Well, no, we don’t think so, but by their standards they are, aren’t they? The T-shirts they are printing are being printed to send out a message. The message they are trying to send is that natural gas development is bad for people and bad for the environment, yet they’re using a medium that is a killer by the measures they would apply to natural gas development. The people buying these T-shirts have not done any research on the dyes used nor have they considered the potential of vinyl lettering (petroleum based). They are simply buying into the hypocrisy of a movement that seeks to stroke its own ego while ignoring the plain facts or demonstrating any consistency of thought.
The center shirt in the collage offered above includes the phrase “Death by lethal injection?” Why are they worried about natural gas when T-shirts are clearly a much closer threat to the human body?

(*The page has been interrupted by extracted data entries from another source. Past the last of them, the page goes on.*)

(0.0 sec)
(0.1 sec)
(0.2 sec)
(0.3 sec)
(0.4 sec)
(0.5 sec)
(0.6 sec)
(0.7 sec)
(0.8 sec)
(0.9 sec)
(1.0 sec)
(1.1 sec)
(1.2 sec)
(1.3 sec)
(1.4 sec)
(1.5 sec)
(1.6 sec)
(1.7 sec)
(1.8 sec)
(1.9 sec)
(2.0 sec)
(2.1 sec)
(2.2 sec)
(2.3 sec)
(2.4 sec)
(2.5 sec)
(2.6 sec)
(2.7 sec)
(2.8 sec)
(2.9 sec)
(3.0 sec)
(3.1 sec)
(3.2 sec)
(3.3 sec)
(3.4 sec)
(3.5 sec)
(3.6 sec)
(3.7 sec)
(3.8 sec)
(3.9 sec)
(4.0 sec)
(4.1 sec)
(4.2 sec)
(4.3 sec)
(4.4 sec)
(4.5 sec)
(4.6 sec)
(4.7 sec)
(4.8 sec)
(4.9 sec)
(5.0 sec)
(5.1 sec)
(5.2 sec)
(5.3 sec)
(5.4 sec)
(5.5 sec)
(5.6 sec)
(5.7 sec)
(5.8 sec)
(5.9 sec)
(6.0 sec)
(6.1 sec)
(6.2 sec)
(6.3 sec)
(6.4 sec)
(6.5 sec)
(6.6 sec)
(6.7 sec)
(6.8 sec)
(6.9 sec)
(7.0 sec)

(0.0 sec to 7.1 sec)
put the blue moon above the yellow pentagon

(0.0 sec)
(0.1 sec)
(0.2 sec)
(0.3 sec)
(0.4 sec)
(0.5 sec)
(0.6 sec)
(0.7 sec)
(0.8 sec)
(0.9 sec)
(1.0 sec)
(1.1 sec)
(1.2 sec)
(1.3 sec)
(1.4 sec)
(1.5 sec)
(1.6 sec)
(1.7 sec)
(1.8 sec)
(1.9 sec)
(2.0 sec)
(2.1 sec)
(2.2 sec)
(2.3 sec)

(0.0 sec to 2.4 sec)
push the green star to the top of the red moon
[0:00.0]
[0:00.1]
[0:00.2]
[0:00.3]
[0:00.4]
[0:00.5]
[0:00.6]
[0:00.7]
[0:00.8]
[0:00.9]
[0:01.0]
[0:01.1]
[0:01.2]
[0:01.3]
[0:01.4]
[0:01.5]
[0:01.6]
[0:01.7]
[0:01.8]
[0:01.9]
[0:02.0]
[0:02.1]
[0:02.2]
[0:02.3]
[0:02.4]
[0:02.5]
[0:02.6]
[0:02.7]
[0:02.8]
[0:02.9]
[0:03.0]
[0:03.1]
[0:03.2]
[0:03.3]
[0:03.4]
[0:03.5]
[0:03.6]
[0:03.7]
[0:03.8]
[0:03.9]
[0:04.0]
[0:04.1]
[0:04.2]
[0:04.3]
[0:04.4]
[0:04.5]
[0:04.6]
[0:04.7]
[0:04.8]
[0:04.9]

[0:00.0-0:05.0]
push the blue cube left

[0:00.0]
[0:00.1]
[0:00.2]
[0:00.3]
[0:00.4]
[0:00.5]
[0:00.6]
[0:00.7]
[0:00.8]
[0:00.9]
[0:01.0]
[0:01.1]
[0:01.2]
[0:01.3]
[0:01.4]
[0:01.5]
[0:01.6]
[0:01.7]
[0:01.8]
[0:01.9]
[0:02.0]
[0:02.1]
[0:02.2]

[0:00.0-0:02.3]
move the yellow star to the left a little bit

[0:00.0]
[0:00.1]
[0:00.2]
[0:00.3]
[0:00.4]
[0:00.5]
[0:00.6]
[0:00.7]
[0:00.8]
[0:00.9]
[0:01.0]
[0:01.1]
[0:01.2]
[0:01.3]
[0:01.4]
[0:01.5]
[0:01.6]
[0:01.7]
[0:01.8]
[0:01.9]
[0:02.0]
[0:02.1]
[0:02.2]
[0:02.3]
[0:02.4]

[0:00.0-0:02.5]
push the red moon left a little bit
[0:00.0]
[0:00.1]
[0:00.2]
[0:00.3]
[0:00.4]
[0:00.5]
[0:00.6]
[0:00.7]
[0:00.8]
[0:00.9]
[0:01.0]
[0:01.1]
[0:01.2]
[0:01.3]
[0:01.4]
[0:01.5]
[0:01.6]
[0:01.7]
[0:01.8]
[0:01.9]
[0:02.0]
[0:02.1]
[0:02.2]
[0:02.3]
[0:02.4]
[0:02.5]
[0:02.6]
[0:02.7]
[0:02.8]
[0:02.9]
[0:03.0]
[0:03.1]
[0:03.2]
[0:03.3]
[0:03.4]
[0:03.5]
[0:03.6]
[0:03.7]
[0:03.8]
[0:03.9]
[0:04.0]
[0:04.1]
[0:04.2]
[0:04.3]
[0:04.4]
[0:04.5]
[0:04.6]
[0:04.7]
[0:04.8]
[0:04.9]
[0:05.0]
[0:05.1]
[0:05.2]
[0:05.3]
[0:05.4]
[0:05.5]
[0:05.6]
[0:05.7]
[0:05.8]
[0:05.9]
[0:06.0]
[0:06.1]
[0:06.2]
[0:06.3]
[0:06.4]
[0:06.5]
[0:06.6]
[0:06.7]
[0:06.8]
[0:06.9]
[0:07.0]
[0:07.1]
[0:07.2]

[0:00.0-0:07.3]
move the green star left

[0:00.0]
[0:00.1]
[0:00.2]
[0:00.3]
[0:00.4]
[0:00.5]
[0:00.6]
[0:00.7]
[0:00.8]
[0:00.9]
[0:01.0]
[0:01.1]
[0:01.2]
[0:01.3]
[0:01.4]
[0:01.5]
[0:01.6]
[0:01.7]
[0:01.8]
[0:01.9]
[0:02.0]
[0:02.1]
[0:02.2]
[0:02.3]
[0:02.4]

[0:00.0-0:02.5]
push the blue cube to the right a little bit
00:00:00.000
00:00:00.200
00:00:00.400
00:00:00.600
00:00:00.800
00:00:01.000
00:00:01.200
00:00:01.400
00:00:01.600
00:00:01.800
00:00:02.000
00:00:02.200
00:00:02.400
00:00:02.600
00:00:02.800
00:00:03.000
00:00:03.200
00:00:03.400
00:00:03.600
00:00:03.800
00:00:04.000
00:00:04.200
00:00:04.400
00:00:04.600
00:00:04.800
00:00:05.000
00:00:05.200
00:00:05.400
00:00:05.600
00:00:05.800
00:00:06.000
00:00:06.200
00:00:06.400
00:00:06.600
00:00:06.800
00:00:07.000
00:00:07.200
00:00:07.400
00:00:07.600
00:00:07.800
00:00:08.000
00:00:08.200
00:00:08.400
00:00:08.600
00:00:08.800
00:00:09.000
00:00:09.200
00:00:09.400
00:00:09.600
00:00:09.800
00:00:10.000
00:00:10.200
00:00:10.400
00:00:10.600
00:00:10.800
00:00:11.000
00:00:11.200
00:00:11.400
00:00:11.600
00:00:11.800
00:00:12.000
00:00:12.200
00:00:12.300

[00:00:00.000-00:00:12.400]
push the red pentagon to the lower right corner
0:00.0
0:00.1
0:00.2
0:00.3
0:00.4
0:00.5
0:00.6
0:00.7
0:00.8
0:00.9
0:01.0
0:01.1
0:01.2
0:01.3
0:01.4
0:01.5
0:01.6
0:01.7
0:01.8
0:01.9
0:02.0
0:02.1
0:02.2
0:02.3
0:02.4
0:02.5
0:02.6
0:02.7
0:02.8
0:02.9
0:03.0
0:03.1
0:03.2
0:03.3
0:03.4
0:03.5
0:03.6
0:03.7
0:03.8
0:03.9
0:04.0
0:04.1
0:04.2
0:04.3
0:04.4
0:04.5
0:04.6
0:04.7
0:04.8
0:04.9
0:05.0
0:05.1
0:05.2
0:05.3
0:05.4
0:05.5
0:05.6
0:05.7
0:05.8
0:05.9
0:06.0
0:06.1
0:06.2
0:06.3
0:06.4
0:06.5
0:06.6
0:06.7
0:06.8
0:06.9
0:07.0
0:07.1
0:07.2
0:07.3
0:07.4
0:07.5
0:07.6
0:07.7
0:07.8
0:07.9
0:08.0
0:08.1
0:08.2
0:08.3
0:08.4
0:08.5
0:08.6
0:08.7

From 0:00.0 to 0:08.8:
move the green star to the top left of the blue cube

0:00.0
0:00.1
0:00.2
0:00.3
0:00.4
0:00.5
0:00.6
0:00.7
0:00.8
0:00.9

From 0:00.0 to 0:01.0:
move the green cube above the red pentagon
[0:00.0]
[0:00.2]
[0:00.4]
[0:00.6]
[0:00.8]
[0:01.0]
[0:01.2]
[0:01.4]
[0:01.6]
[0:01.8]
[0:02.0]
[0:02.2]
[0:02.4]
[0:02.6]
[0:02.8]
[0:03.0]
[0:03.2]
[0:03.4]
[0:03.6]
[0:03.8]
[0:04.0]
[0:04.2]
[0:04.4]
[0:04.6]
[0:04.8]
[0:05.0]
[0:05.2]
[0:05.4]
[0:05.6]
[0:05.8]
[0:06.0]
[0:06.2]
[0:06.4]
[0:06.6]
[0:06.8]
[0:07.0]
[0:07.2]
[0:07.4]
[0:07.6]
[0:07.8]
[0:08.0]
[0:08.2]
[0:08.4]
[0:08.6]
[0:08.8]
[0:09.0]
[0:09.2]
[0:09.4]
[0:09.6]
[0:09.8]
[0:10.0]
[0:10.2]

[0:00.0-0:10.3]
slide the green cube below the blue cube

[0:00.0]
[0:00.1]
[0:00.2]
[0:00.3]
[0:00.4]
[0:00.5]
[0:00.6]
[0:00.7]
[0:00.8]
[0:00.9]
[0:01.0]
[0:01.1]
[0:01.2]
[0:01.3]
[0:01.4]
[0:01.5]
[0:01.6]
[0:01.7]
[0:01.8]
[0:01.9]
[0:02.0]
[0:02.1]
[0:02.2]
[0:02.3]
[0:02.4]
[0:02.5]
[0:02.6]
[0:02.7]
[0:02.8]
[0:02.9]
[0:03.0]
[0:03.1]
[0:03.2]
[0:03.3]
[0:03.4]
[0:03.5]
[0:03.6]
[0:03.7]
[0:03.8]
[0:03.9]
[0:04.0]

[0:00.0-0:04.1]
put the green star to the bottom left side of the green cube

People who do not support natural gas will, in fact, never have a natural gas well on their property and there is no instance of hydraulic fracturing ever polluting a water supply in this country. So, why the worry? They will literally have to walk off of their property to even come in contact with a gas well. Yet, they rest easy when their dressers are full of these killer T-shirts they choose to wear to spread their anti-natural gas ideology.
Wonders never cease with these folks. Who else could wear a product made with natural gas to oppose natural gas?